In a mortgage payment, interest is the cost for using the money of the lender while principal is the amount the borrower still owes the lender. The process of repayment of mortgage is call amortization.
The details of mortgage repayment will be thoroughly discussed by the lender with the borrower during the transaction so that both parties will comprehend the full scope of the agreement. Monthly payment schedule of the mortgage loan will be provided to the borrower and becomes part of the mortgage documents.
At the end of the mortgage loan transaction, both parties emerge happier – the lender, for having served a satisfied customer; the borrower, who has just bought his dream project.
Mortgage
A mortgage is a practice by which the ownership of the property is passed from the mortgagor, to the mortgagee, in return for the loan of the money, the mortgagee is the lender and the mortgagor is the borrower. The mortgagee has limited rights on the property until the loan is paid off. Most probably the mortgage loan is taken for home improvements, or financing college education. The interest rate for mortgage loan varies depending on the type of the loan
Mortgage banks and Mortgage brokers are the best options for reviewing of mortgage loan applications.
For Mortgage banks, the staff of the bank will process the loan application, as most of the banks are controlled by the government agencies, the borrower can be assured that the mortgage loan will be approved and granted by reliable sources and there will be no discontinuation in the loan. The bank will provide a range of mortgage service providers for a particular loan application, and the borrower should select the best available option from them. The borrower should deal with the service providers, compare each of the interest rates and select the best option. The loan application will be processed much faster by bank staff.
Mortgage brokers will present the best available option for a particular loan; the brokers will provide the best option for a loan application that meets the borrowers’ needs. If the loan product is selected, then the borrower should deal directly with the service provider to finish the formalities. Most of the information on loan products of mortgage service providers will be available with the mortgage brokers.
The borrower before using the services of the brokers should verify whether the mortgage broker is registered with any reliable company or service.
Mortgage loan types
There are many types of mortgage loans available in the mortgage industry, but the two most common types of loans are Fixed Rate Mortgage (FRM) and Adjustable Rate Mortgage (ARM).
For fixed rate mortgage, the interest rates are fixed and are high, the rates will not change during the life of the loan, the repayment time ranges from 10 to 20 years.
For adjustable rate mortgage, the interest rate fluctuates with respect to a standard market index, it will increase or decrease with respect to the index, the borrower cannot predict the interest rate for the next interest period before hand, if the interest rate increases, the borrower has to pay the extra cost, to avoid this, some lenders offer interest lock, using this, the borrower will repay the debt on a fixed interest rate for a particular period, the lender will charge extra money for this service. The repayment time ranges from 5-10 years.

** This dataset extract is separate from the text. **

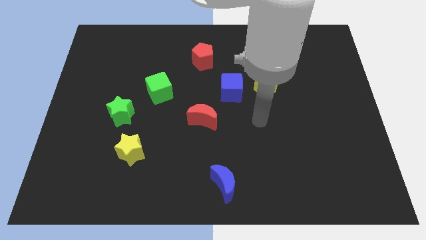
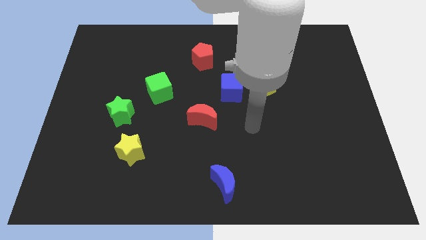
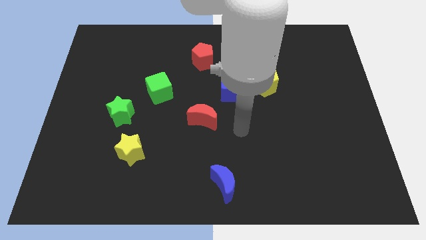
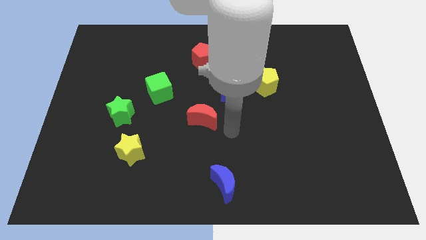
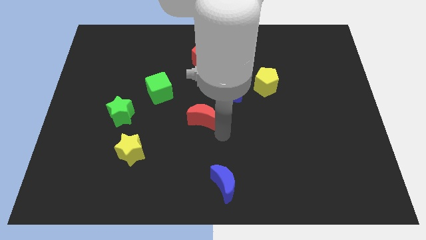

The borrowers who borrow fixed rate mortgage loans are more financially secure than who borrows adjustable rate mortgage loans. The proceeds from adjustable rate mortgage negates any risk and most of the borrowers’ uses this loan as repayment mode.
Presently the mortgage markets in Asia are growing mush fast than the developed countries. In Asia, India has the second highest interest rate of 7%.In UK, interest rate for a 15-year fixed rate mortgage loan (FRM) is 12% and for 30-year adjustable rate mortgage is 15%.For a 1-year adjustable rate mortgage loan (ARM) is 4.05%.